EXERCISE DIRECTIONS: Among the lines of the records, find all that carry the word "linearGradient" and copy them.

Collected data
+++++

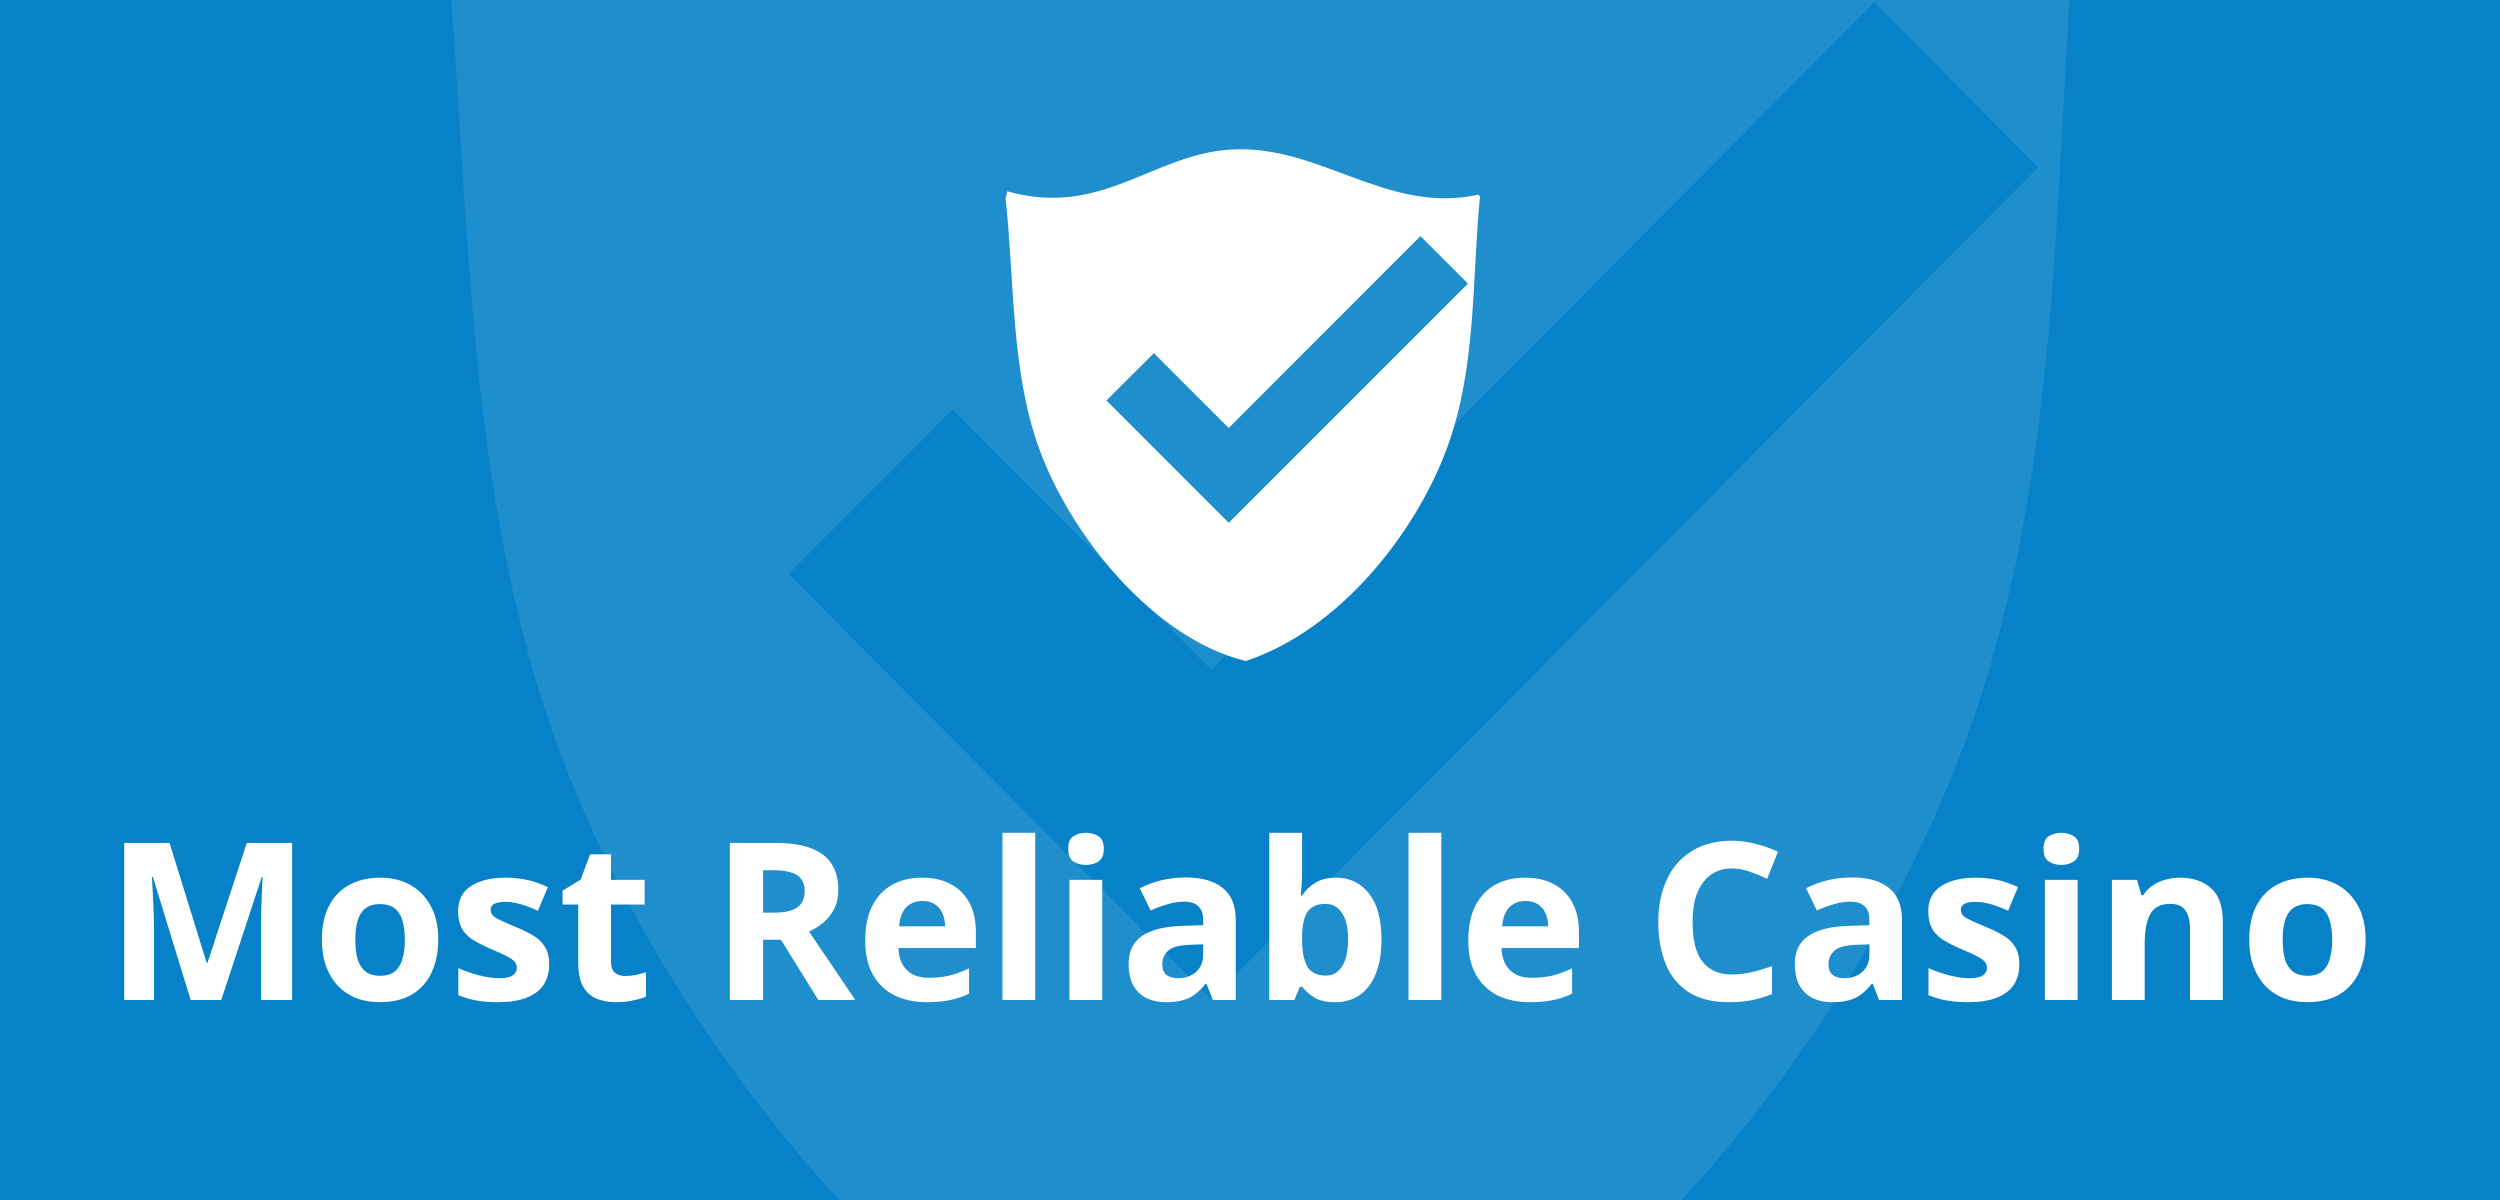 <svg width="125" height="60" viewBox="0 0 125 60" fill="none" xmlns="http://www.w3.org/2000/svg">
<rect x="0" y="0" width="125" height="60" fill="#333333" stroke="none"/>
<g clip-path="url(#clip0_19_76)">
<rect width="125" height="60" fill="#0782C8"/>
<rect width="125" height="60" fill="url(#paint0_linear_19_76)"/>
<g opacity="0.1" clip-path="url(#clip1_19_76)">
<path d="M103.71 -7.095C87.82 -3.594 76.309 -15.904 60.883 -14.942C47.429 -14.096 38.528 -3.04 22.29 -7.678C22.193 -7.25 22.097 -6.822 22 -6.395C23.566 7.928 22.87 23.418 27.799 37.07C33.221 52.122 47.516 70.062 63.493 74C79.441 68.749 92.808 52.122 98.404 36.691C103.42 22.747 102.579 7.753 104 -6.774C103.903 -6.891 103.807 -6.997 103.71 -7.095ZM60.564 49.963L39.426 28.698L47.632 20.472L60.564 33.482L93.707 0.11L101.912 8.366L60.564 49.963Z" fill="white"/>
</g>
<path d="M9.534 50L7.642 43.84H7.598C7.606 43.987 7.617 44.207 7.631 44.5C7.646 44.793 7.66 45.109 7.675 45.446C7.69 45.776 7.697 46.077 7.697 46.348V50H6.212V42.146H8.478L10.337 48.152H10.37L12.339 42.146H14.605V50H13.054V46.282C13.054 46.033 13.058 45.747 13.065 45.424C13.08 45.101 13.091 44.797 13.098 44.511C13.113 44.218 13.124 43.998 13.131 43.851H13.087L11.063 50H9.534ZM21.913 46.986C21.913 47.485 21.843 47.928 21.704 48.317C21.572 48.706 21.378 49.036 21.121 49.307C20.872 49.571 20.567 49.773 20.208 49.912C19.849 50.044 19.442 50.11 18.987 50.11C18.569 50.11 18.18 50.044 17.821 49.912C17.469 49.773 17.165 49.571 16.908 49.307C16.651 49.036 16.45 48.706 16.303 48.317C16.164 47.928 16.094 47.485 16.094 46.986C16.094 46.319 16.212 45.758 16.446 45.303C16.681 44.841 17.018 44.489 17.458 44.247C17.898 44.005 18.419 43.884 19.02 43.884C19.585 43.884 20.084 44.005 20.516 44.247C20.949 44.489 21.29 44.841 21.539 45.303C21.788 45.758 21.913 46.319 21.913 46.986ZM17.766 46.986C17.766 47.382 17.806 47.716 17.887 47.987C17.975 48.251 18.111 48.453 18.294 48.592C18.477 48.724 18.716 48.79 19.009 48.79C19.302 48.79 19.537 48.724 19.713 48.592C19.896 48.453 20.029 48.251 20.109 47.987C20.197 47.716 20.241 47.382 20.241 46.986C20.241 46.59 20.197 46.26 20.109 45.996C20.029 45.732 19.896 45.534 19.713 45.402C19.53 45.27 19.291 45.204 18.998 45.204C18.566 45.204 18.25 45.354 18.052 45.655C17.861 45.948 17.766 46.392 17.766 46.986ZM27.459 48.218C27.459 48.621 27.363 48.966 27.173 49.252C26.982 49.531 26.696 49.743 26.315 49.89C25.933 50.037 25.46 50.11 24.896 50.11C24.478 50.11 24.118 50.081 23.818 50.022C23.517 49.971 23.216 49.883 22.916 49.758V48.405C23.238 48.552 23.587 48.673 23.961 48.768C24.335 48.863 24.665 48.911 24.951 48.911C25.273 48.911 25.501 48.863 25.633 48.768C25.772 48.673 25.842 48.548 25.842 48.394C25.842 48.291 25.812 48.2 25.754 48.119C25.702 48.038 25.585 47.947 25.402 47.844C25.218 47.741 24.932 47.609 24.544 47.448C24.17 47.287 23.862 47.129 23.62 46.975C23.378 46.814 23.198 46.623 23.081 46.403C22.963 46.176 22.905 45.893 22.905 45.556C22.905 44.999 23.121 44.581 23.554 44.302C23.986 44.023 24.562 43.884 25.281 43.884C25.655 43.884 26.01 43.921 26.348 43.994C26.685 44.067 27.033 44.188 27.393 44.357L26.898 45.534C26.7 45.446 26.509 45.369 26.326 45.303C26.142 45.237 25.963 45.186 25.787 45.149C25.618 45.112 25.442 45.094 25.259 45.094C25.017 45.094 24.833 45.127 24.709 45.193C24.591 45.259 24.533 45.358 24.533 45.49C24.533 45.585 24.562 45.673 24.621 45.754C24.687 45.827 24.808 45.908 24.984 45.996C25.167 46.084 25.435 46.201 25.787 46.348C26.131 46.487 26.428 46.634 26.678 46.788C26.927 46.935 27.118 47.122 27.25 47.349C27.389 47.569 27.459 47.859 27.459 48.218ZM31.265 48.801C31.449 48.801 31.625 48.783 31.793 48.746C31.962 48.709 32.131 48.665 32.299 48.614V49.835C32.123 49.908 31.903 49.971 31.639 50.022C31.383 50.081 31.1 50.11 30.792 50.11C30.433 50.11 30.11 50.051 29.824 49.934C29.546 49.817 29.322 49.615 29.153 49.329C28.992 49.036 28.911 48.632 28.911 48.119V45.226H28.13V44.533L29.032 43.983L29.505 42.718H30.55V43.994H32.233V45.226H30.55V48.119C30.55 48.346 30.616 48.519 30.748 48.636C30.88 48.746 31.053 48.801 31.265 48.801ZM38.782 42.146C39.494 42.146 40.08 42.234 40.542 42.41C41.004 42.579 41.349 42.839 41.576 43.191C41.804 43.536 41.917 43.972 41.917 44.5C41.917 44.859 41.848 45.175 41.708 45.446C41.576 45.71 41.397 45.937 41.169 46.128C40.949 46.311 40.711 46.462 40.454 46.579L42.764 50H40.916L39.046 46.986H38.155V50H36.494V42.146H38.782ZM38.661 43.51H38.155V45.633H38.694C39.061 45.633 39.358 45.593 39.585 45.512C39.813 45.431 39.978 45.31 40.08 45.149C40.183 44.98 40.234 44.779 40.234 44.544C40.234 44.295 40.176 44.097 40.058 43.95C39.948 43.796 39.776 43.686 39.541 43.62C39.314 43.547 39.021 43.51 38.661 43.51ZM46.099 43.884C46.656 43.884 47.133 43.99 47.529 44.203C47.932 44.416 48.244 44.724 48.464 45.127C48.684 45.53 48.794 46.025 48.794 46.612V47.404H44.922C44.937 47.866 45.072 48.229 45.329 48.493C45.593 48.757 45.956 48.889 46.418 48.889C46.807 48.889 47.159 48.852 47.474 48.779C47.789 48.698 48.116 48.577 48.453 48.416V49.681C48.16 49.828 47.848 49.934 47.518 50C47.195 50.073 46.803 50.11 46.341 50.11C45.74 50.11 45.208 50 44.746 49.78C44.284 49.553 43.921 49.212 43.657 48.757C43.393 48.302 43.261 47.73 43.261 47.041C43.261 46.337 43.378 45.754 43.613 45.292C43.855 44.823 44.189 44.471 44.614 44.236C45.039 44.001 45.534 43.884 46.099 43.884ZM46.11 45.05C45.795 45.05 45.531 45.153 45.318 45.358C45.113 45.563 44.992 45.882 44.955 46.315H47.254C47.254 46.073 47.21 45.857 47.122 45.666C47.041 45.475 46.917 45.325 46.748 45.215C46.579 45.105 46.367 45.05 46.11 45.05ZM51.762 50H50.123V41.64H51.762V50ZM55.114 43.994V50H53.475V43.994H55.114ZM54.3 41.64C54.542 41.64 54.751 41.699 54.927 41.816C55.103 41.926 55.191 42.135 55.191 42.443C55.191 42.744 55.103 42.953 54.927 43.07C54.751 43.187 54.542 43.246 54.3 43.246C54.05 43.246 53.838 43.187 53.662 43.07C53.493 42.953 53.409 42.744 53.409 42.443C53.409 42.135 53.493 41.926 53.662 41.816C53.838 41.699 54.05 41.64 54.3 41.64ZM59.29 43.873C60.097 43.873 60.713 44.049 61.138 44.401C61.571 44.746 61.787 45.277 61.787 45.996V50H60.643L60.324 49.186H60.28C60.112 49.399 59.936 49.575 59.752 49.714C59.576 49.853 59.371 49.952 59.136 50.011C58.909 50.077 58.627 50.11 58.289 50.11C57.937 50.11 57.618 50.044 57.332 49.912C57.054 49.773 56.834 49.564 56.672 49.285C56.511 48.999 56.43 48.64 56.43 48.207C56.43 47.569 56.654 47.1 57.101 46.799C57.549 46.491 58.22 46.322 59.114 46.293L60.159 46.26V45.996C60.159 45.681 60.075 45.45 59.906 45.303C59.745 45.156 59.518 45.083 59.224 45.083C58.931 45.083 58.645 45.127 58.366 45.215C58.088 45.296 57.809 45.398 57.53 45.523L56.991 44.412C57.314 44.243 57.67 44.111 58.058 44.016C58.454 43.921 58.865 43.873 59.29 43.873ZM59.521 47.239C58.993 47.254 58.627 47.349 58.421 47.525C58.216 47.701 58.113 47.932 58.113 48.218C58.113 48.467 58.187 48.647 58.333 48.757C58.48 48.86 58.671 48.911 58.905 48.911C59.257 48.911 59.554 48.808 59.796 48.603C60.038 48.39 60.159 48.093 60.159 47.712V47.217L59.521 47.239ZM65.104 43.587C65.104 43.814 65.097 44.038 65.082 44.258C65.067 44.478 65.053 44.65 65.038 44.775H65.104C65.265 44.526 65.482 44.317 65.753 44.148C66.024 43.972 66.376 43.884 66.809 43.884C67.484 43.884 68.03 44.148 68.448 44.676C68.866 45.197 69.075 45.967 69.075 46.986C69.075 47.668 68.976 48.244 68.778 48.713C68.587 49.175 68.32 49.523 67.975 49.758C67.63 49.993 67.227 50.11 66.765 50.11C66.325 50.11 65.977 50.033 65.72 49.879C65.471 49.718 65.265 49.538 65.104 49.34H64.994L64.719 50H63.465V41.64H65.104V43.587ZM66.281 45.193C65.995 45.193 65.768 45.252 65.599 45.369C65.43 45.486 65.306 45.666 65.225 45.908C65.152 46.143 65.111 46.44 65.104 46.799V46.975C65.104 47.554 65.188 48.002 65.357 48.317C65.533 48.625 65.848 48.779 66.303 48.779C66.64 48.779 66.908 48.625 67.106 48.317C67.304 48.002 67.403 47.551 67.403 46.964C67.403 46.377 67.3 45.937 67.095 45.644C66.897 45.343 66.626 45.193 66.281 45.193ZM72.065 50H70.426V41.64H72.065V50ZM76.252 43.884C76.81 43.884 77.286 43.99 77.682 44.203C78.086 44.416 78.397 44.724 78.617 45.127C78.837 45.53 78.947 46.025 78.947 46.612V47.404H75.075C75.09 47.866 75.226 48.229 75.482 48.493C75.746 48.757 76.109 48.889 76.571 48.889C76.96 48.889 77.312 48.852 77.627 48.779C77.943 48.698 78.269 48.577 78.606 48.416V49.681C78.313 49.828 78.001 49.934 77.671 50C77.349 50.073 76.956 50.11 76.494 50.11C75.893 50.11 75.361 50 74.899 49.78C74.437 49.553 74.074 49.212 73.81 48.757C73.546 48.302 73.414 47.73 73.414 47.041C73.414 46.337 73.532 45.754 73.766 45.292C74.008 44.823 74.342 44.471 74.767 44.236C75.193 44.001 75.688 43.884 76.252 43.884ZM76.263 45.05C75.948 45.05 75.684 45.153 75.471 45.358C75.266 45.563 75.145 45.882 75.108 46.315H77.407C77.407 46.073 77.363 45.857 77.275 45.666C77.195 45.475 77.07 45.325 76.901 45.215C76.733 45.105 76.52 45.05 76.263 45.05ZM86.599 43.422C86.284 43.422 86.001 43.484 85.752 43.609C85.51 43.734 85.305 43.913 85.136 44.148C84.967 44.375 84.839 44.654 84.751 44.984C84.67 45.314 84.63 45.684 84.63 46.095C84.63 46.652 84.696 47.129 84.828 47.525C84.967 47.914 85.183 48.211 85.477 48.416C85.77 48.621 86.144 48.724 86.599 48.724C86.921 48.724 87.24 48.687 87.556 48.614C87.879 48.541 88.227 48.438 88.601 48.306V49.703C88.256 49.842 87.915 49.945 87.578 50.011C87.24 50.077 86.863 50.11 86.445 50.11C85.638 50.11 84.971 49.945 84.443 49.615C83.922 49.278 83.537 48.808 83.288 48.207C83.038 47.598 82.914 46.891 82.914 46.084C82.914 45.49 82.995 44.947 83.156 44.456C83.317 43.957 83.552 43.528 83.86 43.169C84.175 42.81 84.56 42.531 85.015 42.333C85.477 42.135 86.005 42.036 86.599 42.036C86.987 42.036 87.376 42.087 87.765 42.19C88.161 42.285 88.538 42.417 88.898 42.586L88.359 43.939C88.066 43.8 87.769 43.679 87.468 43.576C87.174 43.473 86.885 43.422 86.599 43.422ZM92.602 43.873C93.409 43.873 94.025 44.049 94.45 44.401C94.882 44.746 95.099 45.277 95.099 45.996V50H93.955L93.636 49.186H93.592C93.423 49.399 93.247 49.575 93.064 49.714C92.888 49.853 92.683 49.952 92.448 50.011C92.221 50.077 91.938 50.11 91.601 50.11C91.249 50.11 90.93 50.044 90.644 49.912C90.365 49.773 90.145 49.564 89.984 49.285C89.823 48.999 89.742 48.64 89.742 48.207C89.742 47.569 89.966 47.1 90.413 46.799C90.86 46.491 91.531 46.322 92.426 46.293L93.471 46.26V45.996C93.471 45.681 93.386 45.45 93.218 45.303C93.056 45.156 92.829 45.083 92.536 45.083C92.243 45.083 91.957 45.127 91.678 45.215C91.399 45.296 91.121 45.398 90.842 45.523L90.303 44.412C90.626 44.243 90.981 44.111 91.37 44.016C91.766 43.921 92.177 43.873 92.602 43.873ZM92.833 47.239C92.305 47.254 91.938 47.349 91.733 47.525C91.528 47.701 91.425 47.932 91.425 48.218C91.425 48.467 91.498 48.647 91.645 48.757C91.791 48.86 91.982 48.911 92.217 48.911C92.569 48.911 92.866 48.808 93.108 48.603C93.35 48.39 93.471 48.093 93.471 47.712V47.217L92.833 47.239ZM100.967 48.218C100.967 48.621 100.872 48.966 100.681 49.252C100.491 49.531 100.205 49.743 99.823 49.89C99.442 50.037 98.969 50.11 98.404 50.11C97.987 50.11 97.627 50.081 97.326 50.022C97.026 49.971 96.725 49.883 96.424 49.758V48.405C96.747 48.552 97.096 48.673 97.469 48.768C97.844 48.863 98.174 48.911 98.46 48.911C98.782 48.911 99.01 48.863 99.141 48.768C99.281 48.673 99.35 48.548 99.35 48.394C99.35 48.291 99.321 48.2 99.263 48.119C99.211 48.038 99.094 47.947 98.91 47.844C98.727 47.741 98.441 47.609 98.052 47.448C97.678 47.287 97.371 47.129 97.129 46.975C96.886 46.814 96.707 46.623 96.59 46.403C96.472 46.176 96.413 45.893 96.413 45.556C96.413 44.999 96.63 44.581 97.062 44.302C97.495 44.023 98.071 43.884 98.79 43.884C99.163 43.884 99.519 43.921 99.856 43.994C100.194 44.067 100.542 44.188 100.901 44.357L100.406 45.534C100.208 45.446 100.018 45.369 99.835 45.303C99.651 45.237 99.472 45.186 99.296 45.149C99.127 45.112 98.951 45.094 98.767 45.094C98.525 45.094 98.342 45.127 98.218 45.193C98.1 45.259 98.041 45.358 98.041 45.49C98.041 45.585 98.071 45.673 98.129 45.754C98.195 45.827 98.317 45.908 98.493 45.996C98.676 46.084 98.944 46.201 99.296 46.348C99.64 46.487 99.937 46.634 100.186 46.788C100.436 46.935 100.626 47.122 100.758 47.349C100.898 47.569 100.967 47.859 100.967 48.218ZM103.883 43.994V50H102.244V43.994H103.883ZM103.069 41.64C103.311 41.64 103.52 41.699 103.696 41.816C103.872 41.926 103.96 42.135 103.96 42.443C103.96 42.744 103.872 42.953 103.696 43.07C103.52 43.187 103.311 43.246 103.069 43.246C102.82 43.246 102.607 43.187 102.431 43.07C102.263 42.953 102.178 42.744 102.178 42.443C102.178 42.135 102.263 41.926 102.431 41.816C102.607 41.699 102.82 41.64 103.069 41.64ZM109.006 43.884C109.651 43.884 110.168 44.06 110.557 44.412C110.945 44.757 111.14 45.314 111.14 46.084V50H109.501V46.491C109.501 46.058 109.424 45.736 109.27 45.523C109.116 45.303 108.87 45.193 108.533 45.193C108.034 45.193 107.693 45.365 107.51 45.71C107.326 46.047 107.235 46.535 107.235 47.173V50H105.596V43.994H106.85L107.07 44.764H107.158C107.29 44.559 107.451 44.394 107.642 44.269C107.832 44.137 108.045 44.042 108.28 43.983C108.514 43.917 108.756 43.884 109.006 43.884ZM118.281 46.986C118.281 47.485 118.212 47.928 118.072 48.317C117.94 48.706 117.746 49.036 117.489 49.307C117.24 49.571 116.936 49.773 116.576 49.912C116.217 50.044 115.81 50.11 115.355 50.11C114.937 50.11 114.549 50.044 114.189 49.912C113.837 49.773 113.533 49.571 113.276 49.307C113.02 49.036 112.818 48.706 112.671 48.317C112.532 47.928 112.462 47.485 112.462 46.986C112.462 46.319 112.58 45.758 112.814 45.303C113.049 44.841 113.386 44.489 113.826 44.247C114.266 44.005 114.787 43.884 115.388 43.884C115.953 43.884 116.452 44.005 116.884 44.247C117.317 44.489 117.658 44.841 117.907 45.303C118.157 45.758 118.281 46.319 118.281 46.986ZM114.134 46.986C114.134 47.382 114.175 47.716 114.255 47.987C114.343 48.251 114.479 48.453 114.662 48.592C114.846 48.724 115.084 48.79 115.377 48.79C115.671 48.79 115.905 48.724 116.081 48.592C116.265 48.453 116.397 48.251 116.477 47.987C116.565 47.716 116.609 47.382 116.609 46.986C116.609 46.59 116.565 46.26 116.477 45.996C116.397 45.732 116.265 45.534 116.081 45.402C115.898 45.27 115.66 45.204 115.366 45.204C114.934 45.204 114.618 45.354 114.42 45.655C114.23 45.948 114.134 46.392 114.134 46.986Z" fill="white"/>
<g clip-path="url(#clip2_19_76)">
<path d="M73.916 9.733C69.32 10.739 65.99 7.2 61.528 7.477C57.636 7.72 55.061 10.899 50.364 9.565C50.336 9.688 50.308 9.811 50.28 9.934C50.733 14.052 50.532 18.506 51.958 22.431C53.526 26.759 57.661 31.918 62.283 33.05C66.896 31.54 70.762 26.759 72.381 22.323C73.832 18.313 73.589 14.002 74 9.825C73.972 9.791 73.944 9.761 73.916 9.733ZM61.435 26.139L55.321 20.024L57.695 17.659L61.435 21.4L71.022 11.805L73.396 14.178L61.435 26.139Z" fill="white"/>
</g>
</g>
<defs>
<linearGradient id="paint0_linear_19_76" x1="62.5" y1="0" x2="62.5" y2="60" gradientUnits="userSpaceOnUse">
<stop stop-color="#0782C8"/>
<stop offset="0.521" stop-color="#0782C8" stop-opacity="0"/>
</linearGradient>
<clipPath id="clip0_19_76">
<rect width="125" height="60" fill="white"/>
</clipPath>
<clipPath id="clip1_19_76">
<rect width="82" height="89" fill="white" transform="translate(22 -15)"/>
</clipPath>
<clipPath id="clip2_19_76">
<rect width="23.72" height="25.59" fill="white" transform="translate(50.28 7.46)"/>
</clipPath>
</defs>
</svg>

+++++

TASK OUTPUT:
<linearGradient id="paint0_linear_19_76" x1="62.5" y1="0" x2="62.5" y2="60" gradientUnits="userSpaceOnUse">
</linearGradient>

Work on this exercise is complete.